(Data records)
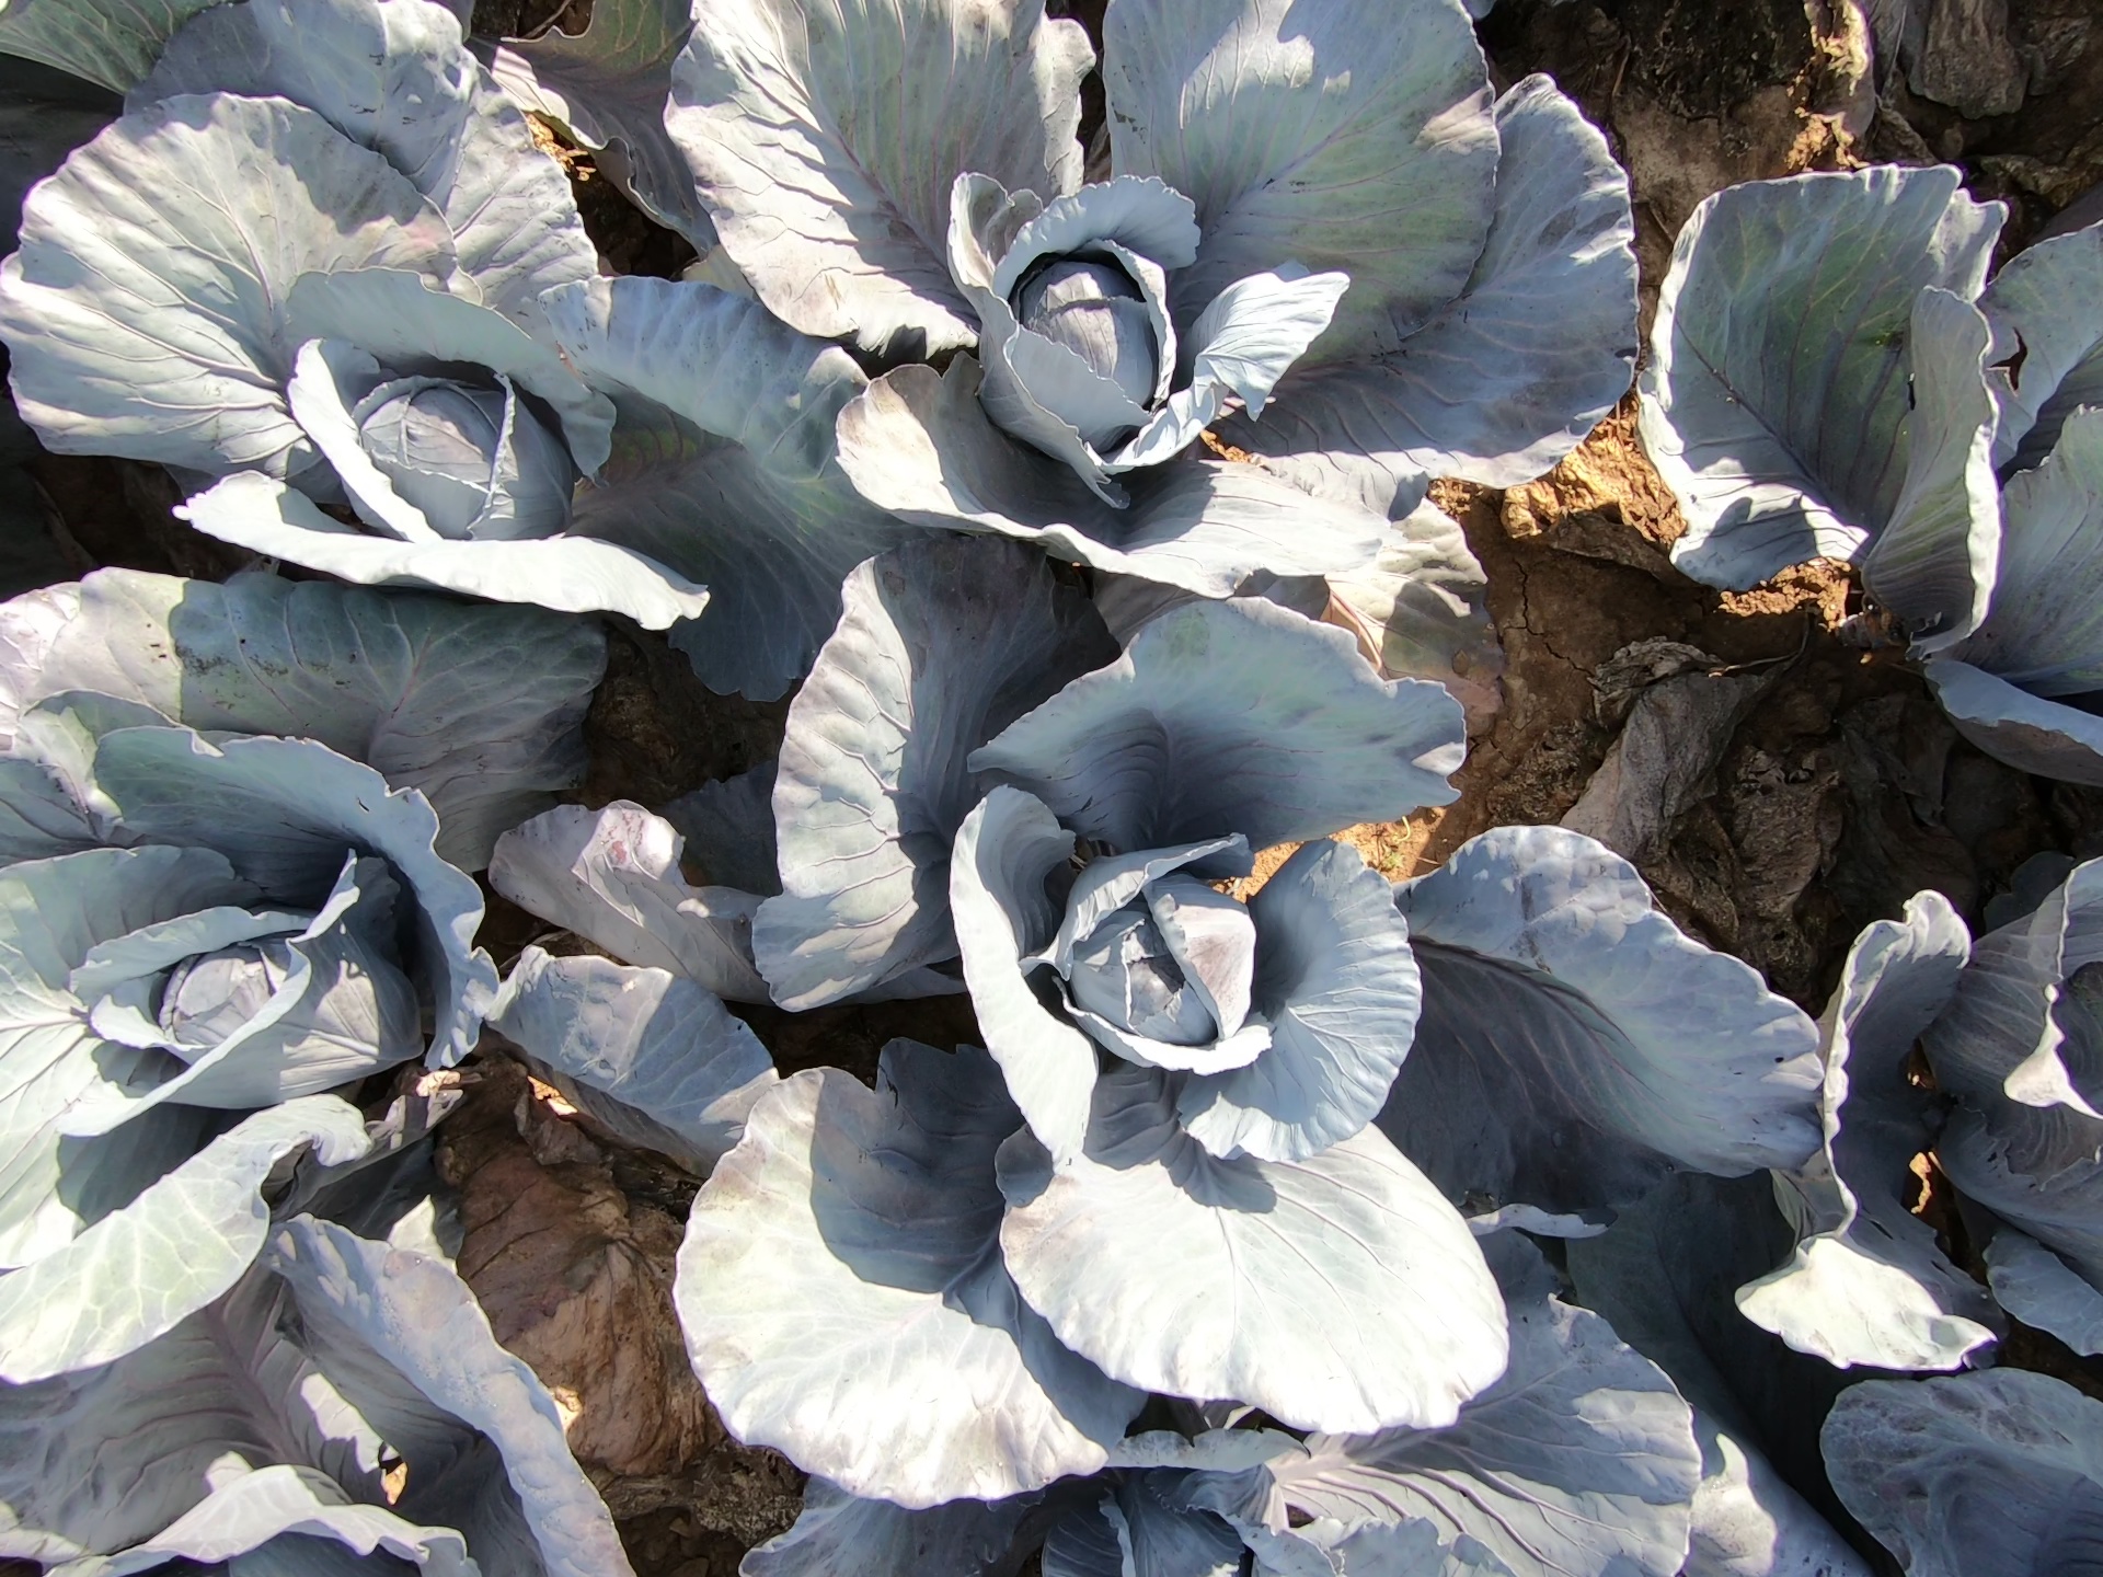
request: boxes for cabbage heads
[352,379,572,546]
[160,925,404,1083]
[1062,879,1249,1048]
[1088,1484,1238,1574]
[1013,258,1158,430]
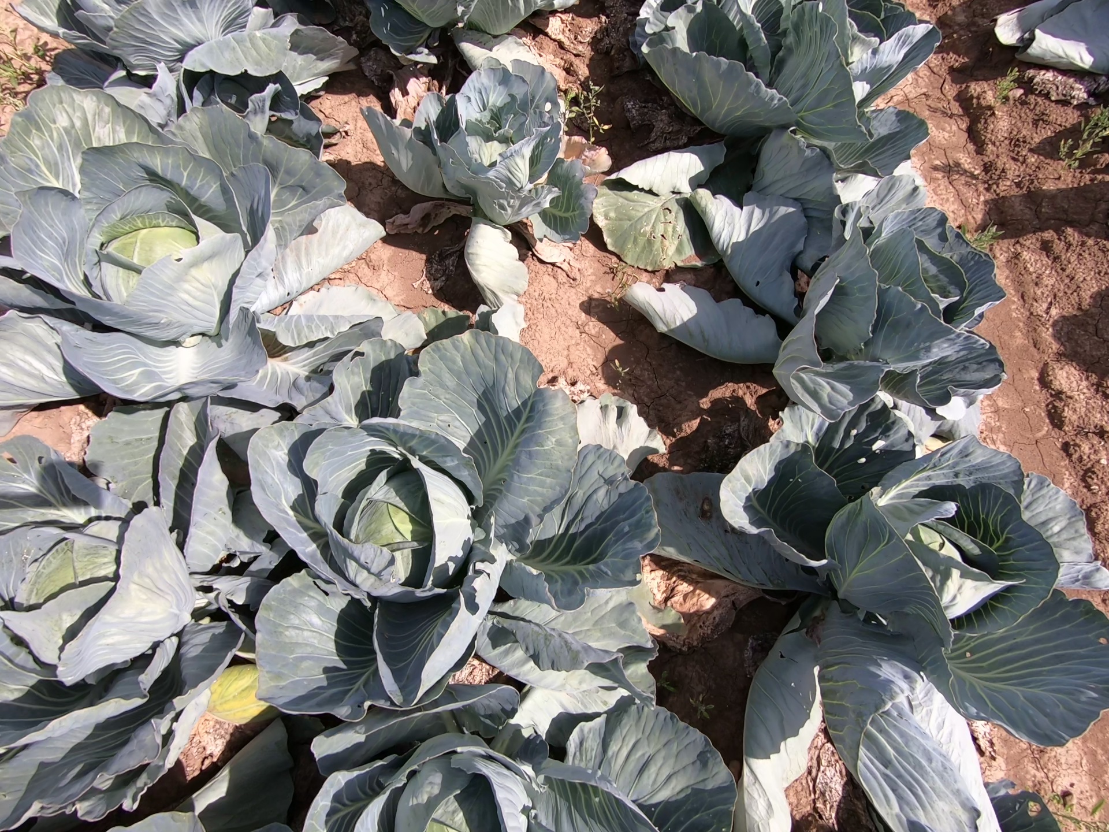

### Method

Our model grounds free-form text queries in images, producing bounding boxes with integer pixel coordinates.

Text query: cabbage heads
[76,2,217,54]
[14,519,176,664]
[345,471,472,592]
[846,512,969,621]
[96,211,235,330]
[396,749,533,831]
[783,23,876,122]
[448,124,529,192]
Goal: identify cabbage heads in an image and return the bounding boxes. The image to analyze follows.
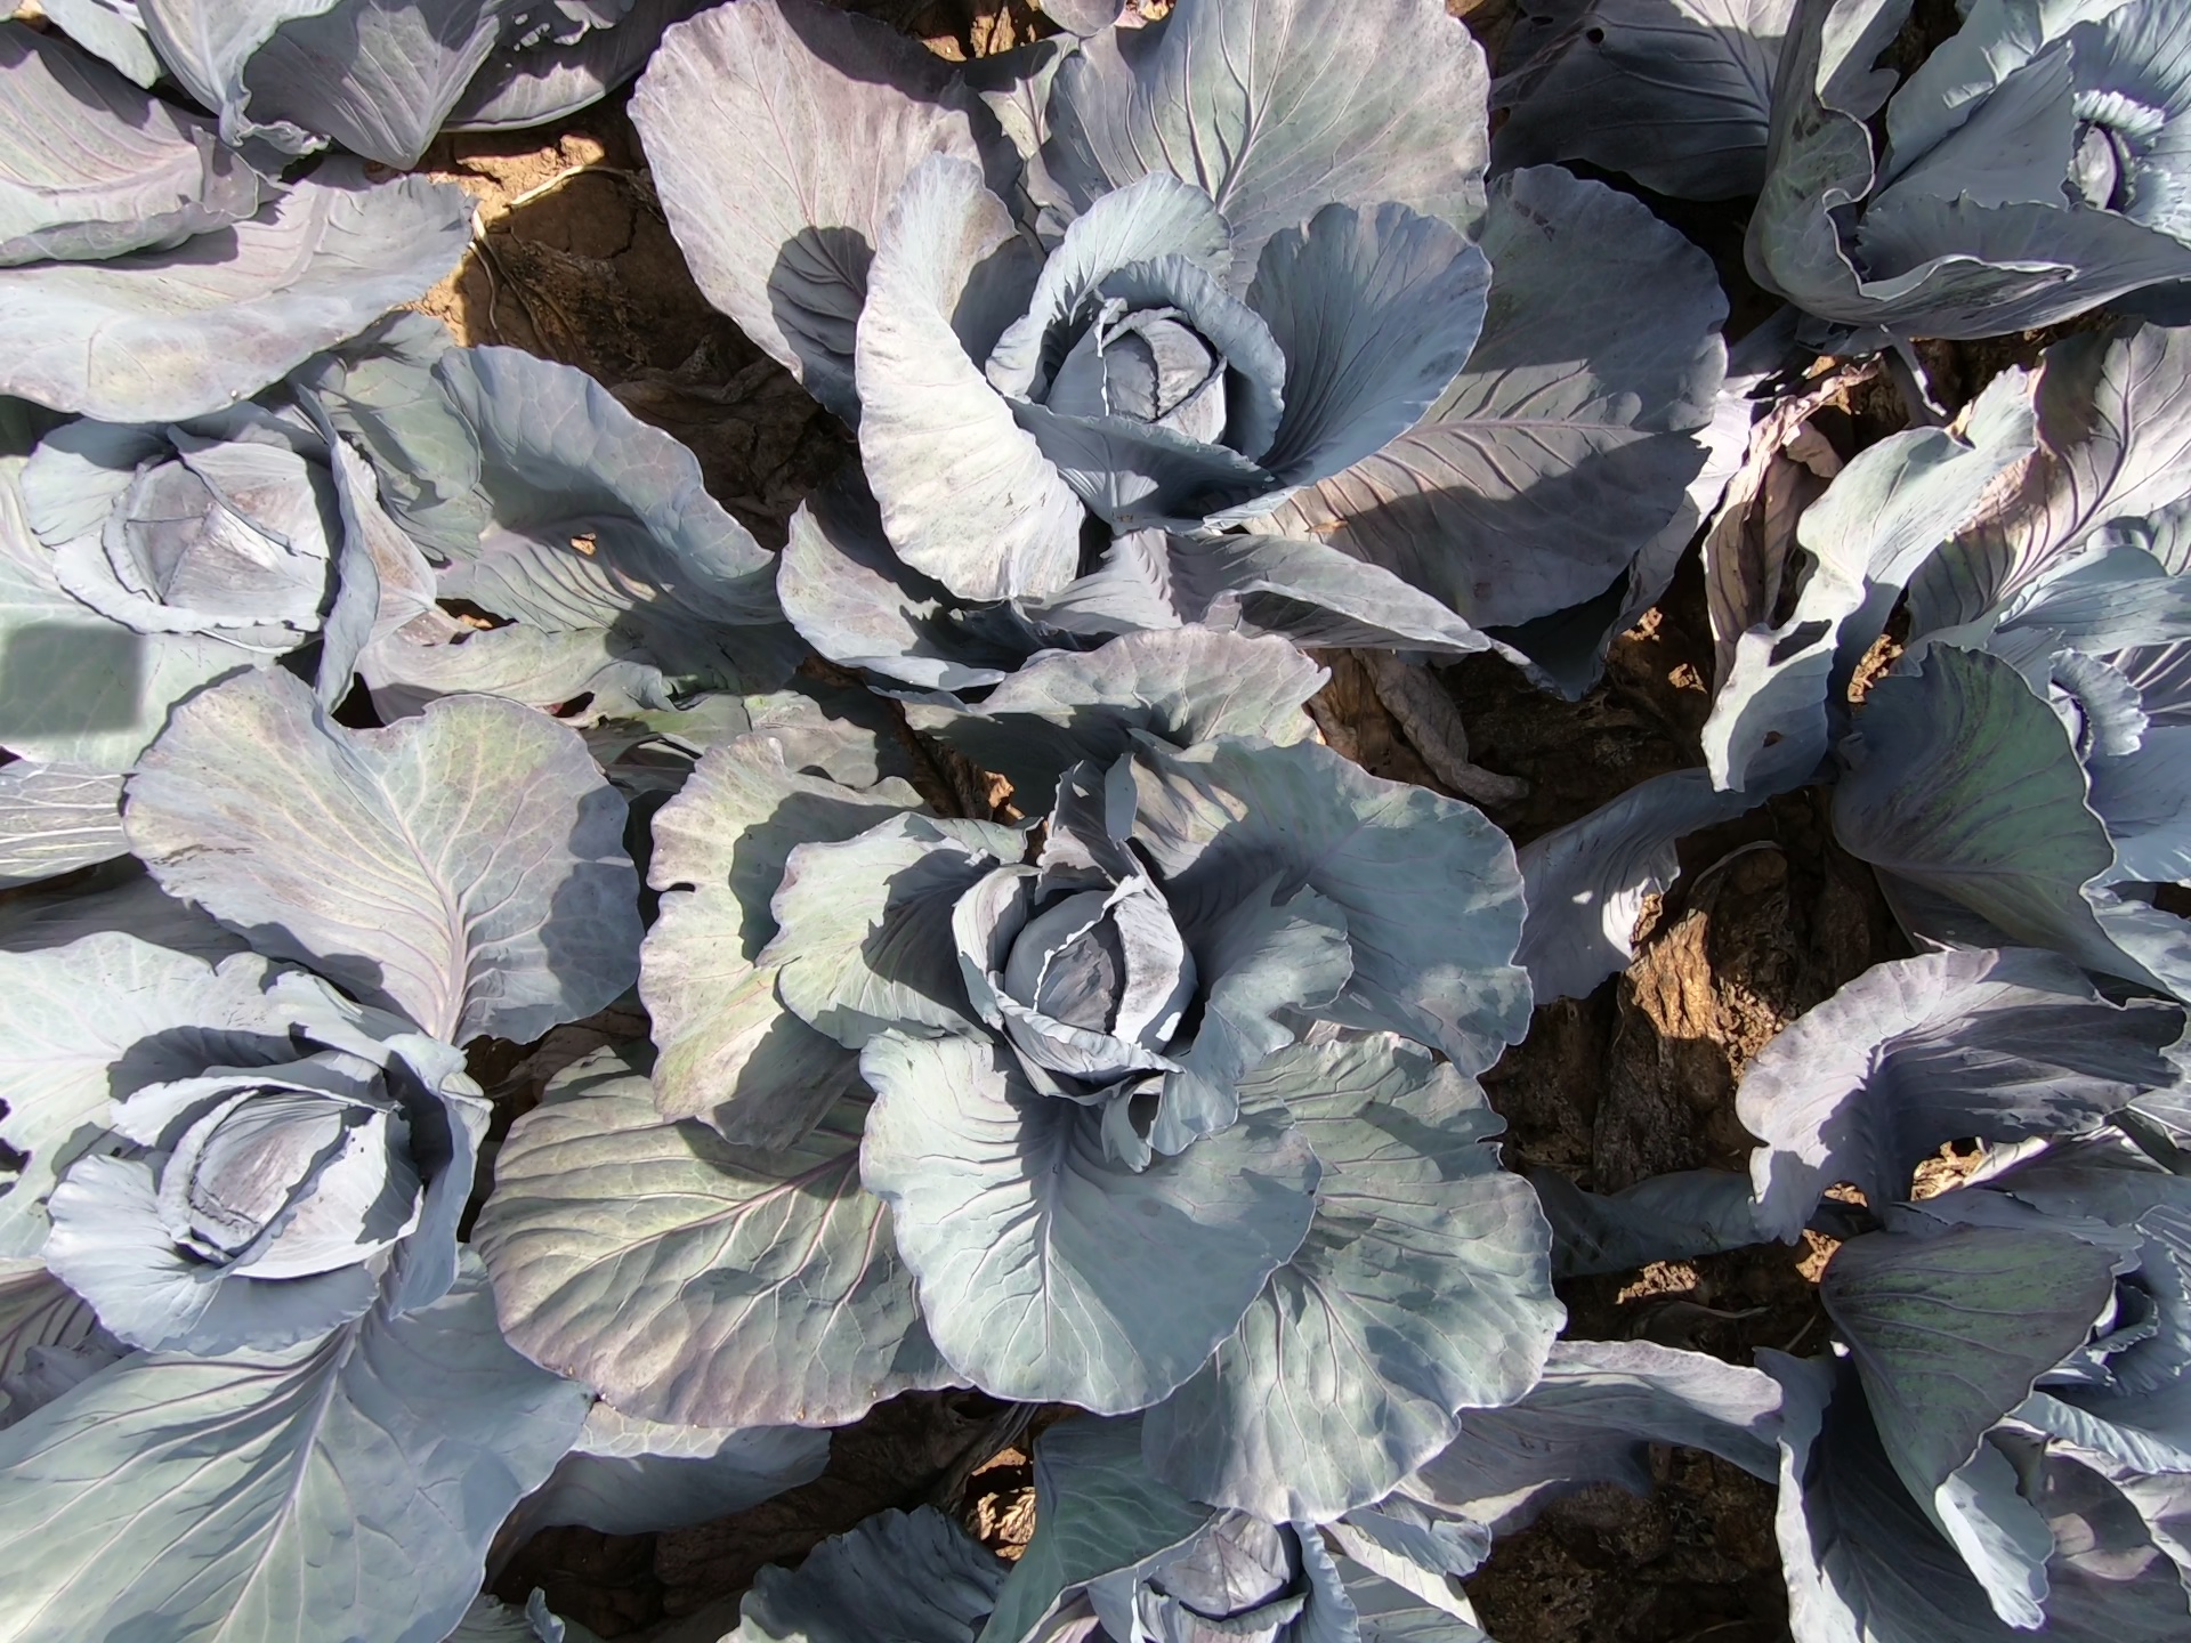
[1114,1474,1305,1625]
[177,1078,397,1279]
[1948,671,2091,801]
[116,442,370,642]
[1043,310,1226,489]
[1000,890,1198,1079]
[1999,110,2124,235]
[1971,1246,2123,1381]

Directions for this task — Produce an exact copy of every line above, with the images left out.

Answer —
request: boxes for cabbage heads
[352,379,572,546]
[160,925,404,1083]
[1062,879,1249,1048]
[1088,1484,1238,1574]
[1013,258,1158,430]

### Method

Our model grounds free-form text queries in images, producing bounding boxes with integer pixel coordinates.

Text query: cabbage heads
[76,2,217,54]
[14,519,176,664]
[345,471,472,592]
[846,512,969,621]
[96,211,235,330]
[396,749,533,831]
[783,23,876,122]
[448,124,529,192]
Goal: identify cabbage heads in an image and return the bounding boxes. The image to analyze follows.
[1114,1474,1305,1625]
[177,1078,397,1279]
[1948,671,2091,801]
[116,442,370,642]
[1043,310,1226,489]
[1000,890,1198,1079]
[1999,110,2124,235]
[1971,1246,2123,1381]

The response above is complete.